Is Midas Touch Real, and Is It Actually a 'Curse'?
It's a myth in the technical sense — a traditional story explaining something about the world, not a literal historical event. Nobody's ever turned a rose to gold with a fingertip, and no serious historian treats the golden-touch part as anything but folklore. But there's a real king rattling around underneath the legend, the way there often is with Greek myth. Ancient Greek writers, including the historian Herodotus, associated the mythical Midas with actual Phrygian kings, and Assyrian records from the 8th century BCE mention a Phrygian ruler named Mita — plausibly the historical seed the golden-touch legend grew around, the same way George Washington was a real man before the cherry tree story got bolted onto him.

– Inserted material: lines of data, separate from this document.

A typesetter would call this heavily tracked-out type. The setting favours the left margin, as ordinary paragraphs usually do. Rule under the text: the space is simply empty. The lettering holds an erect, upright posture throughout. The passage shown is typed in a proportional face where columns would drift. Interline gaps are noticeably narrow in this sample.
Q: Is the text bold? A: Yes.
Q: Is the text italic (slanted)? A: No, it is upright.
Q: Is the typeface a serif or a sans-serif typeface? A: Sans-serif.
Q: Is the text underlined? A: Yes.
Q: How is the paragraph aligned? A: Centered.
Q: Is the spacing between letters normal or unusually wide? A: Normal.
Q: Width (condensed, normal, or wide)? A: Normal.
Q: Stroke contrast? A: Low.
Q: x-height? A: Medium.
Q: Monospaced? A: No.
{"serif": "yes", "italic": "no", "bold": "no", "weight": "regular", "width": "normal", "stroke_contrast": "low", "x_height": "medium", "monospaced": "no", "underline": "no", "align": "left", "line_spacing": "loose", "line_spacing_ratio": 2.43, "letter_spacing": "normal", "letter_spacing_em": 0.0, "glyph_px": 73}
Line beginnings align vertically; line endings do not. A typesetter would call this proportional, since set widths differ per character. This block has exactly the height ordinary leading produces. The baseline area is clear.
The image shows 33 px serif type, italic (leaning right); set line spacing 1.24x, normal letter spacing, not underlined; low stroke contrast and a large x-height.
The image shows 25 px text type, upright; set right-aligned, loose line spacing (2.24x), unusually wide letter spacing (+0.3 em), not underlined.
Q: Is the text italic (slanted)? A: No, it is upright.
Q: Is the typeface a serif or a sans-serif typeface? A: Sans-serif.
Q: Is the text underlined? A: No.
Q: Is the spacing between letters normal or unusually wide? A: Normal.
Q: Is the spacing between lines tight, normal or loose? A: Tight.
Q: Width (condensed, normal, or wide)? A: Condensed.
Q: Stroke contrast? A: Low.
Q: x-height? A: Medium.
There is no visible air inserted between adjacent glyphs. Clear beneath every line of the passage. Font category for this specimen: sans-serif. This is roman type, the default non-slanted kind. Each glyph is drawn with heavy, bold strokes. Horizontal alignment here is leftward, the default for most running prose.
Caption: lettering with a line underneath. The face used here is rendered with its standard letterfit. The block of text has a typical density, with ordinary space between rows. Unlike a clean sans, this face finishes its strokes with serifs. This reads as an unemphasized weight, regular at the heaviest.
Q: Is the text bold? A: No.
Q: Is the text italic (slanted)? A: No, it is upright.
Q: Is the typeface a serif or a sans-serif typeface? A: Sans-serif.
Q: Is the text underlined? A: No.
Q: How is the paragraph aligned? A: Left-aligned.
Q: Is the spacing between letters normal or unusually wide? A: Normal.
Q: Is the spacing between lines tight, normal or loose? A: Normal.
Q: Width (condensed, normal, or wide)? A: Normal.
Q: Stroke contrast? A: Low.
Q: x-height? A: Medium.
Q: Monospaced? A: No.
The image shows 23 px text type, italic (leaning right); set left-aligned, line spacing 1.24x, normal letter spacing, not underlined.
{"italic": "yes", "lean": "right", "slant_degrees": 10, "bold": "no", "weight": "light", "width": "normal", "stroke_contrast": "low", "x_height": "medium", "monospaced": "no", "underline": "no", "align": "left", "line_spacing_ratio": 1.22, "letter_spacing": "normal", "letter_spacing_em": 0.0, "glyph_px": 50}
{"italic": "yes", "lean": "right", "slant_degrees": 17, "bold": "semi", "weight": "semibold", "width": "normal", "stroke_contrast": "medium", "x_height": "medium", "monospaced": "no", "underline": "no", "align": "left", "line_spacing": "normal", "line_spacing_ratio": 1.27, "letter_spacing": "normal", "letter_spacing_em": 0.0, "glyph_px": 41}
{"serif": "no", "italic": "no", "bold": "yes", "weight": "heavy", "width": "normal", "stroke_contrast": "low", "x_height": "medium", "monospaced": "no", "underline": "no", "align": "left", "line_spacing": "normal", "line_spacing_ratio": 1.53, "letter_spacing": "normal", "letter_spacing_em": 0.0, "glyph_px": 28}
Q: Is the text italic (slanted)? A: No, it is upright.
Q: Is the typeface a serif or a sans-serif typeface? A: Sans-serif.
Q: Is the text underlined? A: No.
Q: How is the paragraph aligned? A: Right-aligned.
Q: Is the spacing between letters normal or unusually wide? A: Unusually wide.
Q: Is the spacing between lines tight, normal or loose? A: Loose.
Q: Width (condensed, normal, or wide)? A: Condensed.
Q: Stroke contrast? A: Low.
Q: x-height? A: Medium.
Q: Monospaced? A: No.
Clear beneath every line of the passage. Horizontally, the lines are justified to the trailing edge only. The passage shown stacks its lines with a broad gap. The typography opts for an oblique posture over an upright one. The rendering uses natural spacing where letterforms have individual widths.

As for whether it's a 'curse': that's really the entire point of the story, and modern usage has almost completely inverted it. Today, 'the Midas touch' is a compliment — you say it about someone whose every business venture succeeds, whose every project turns to gold in the good sense. But in the original myth, the golden touch is explicitly the opposite of a blessing. It's presented as a punishment for greed, a wish so literal-minded and short-sighted that it nearly kills the man who made it. Ancient audiences would have heard 'Midas touch' and thought immediately of the danger of getting exactly what you ask for — closer to the modern idea of 'be careful what you wish for' than to 'everything this person touches succeeds.' The phrase has done a complete 180 over roughly two thousand years, which is honestly one of the more interesting things about it.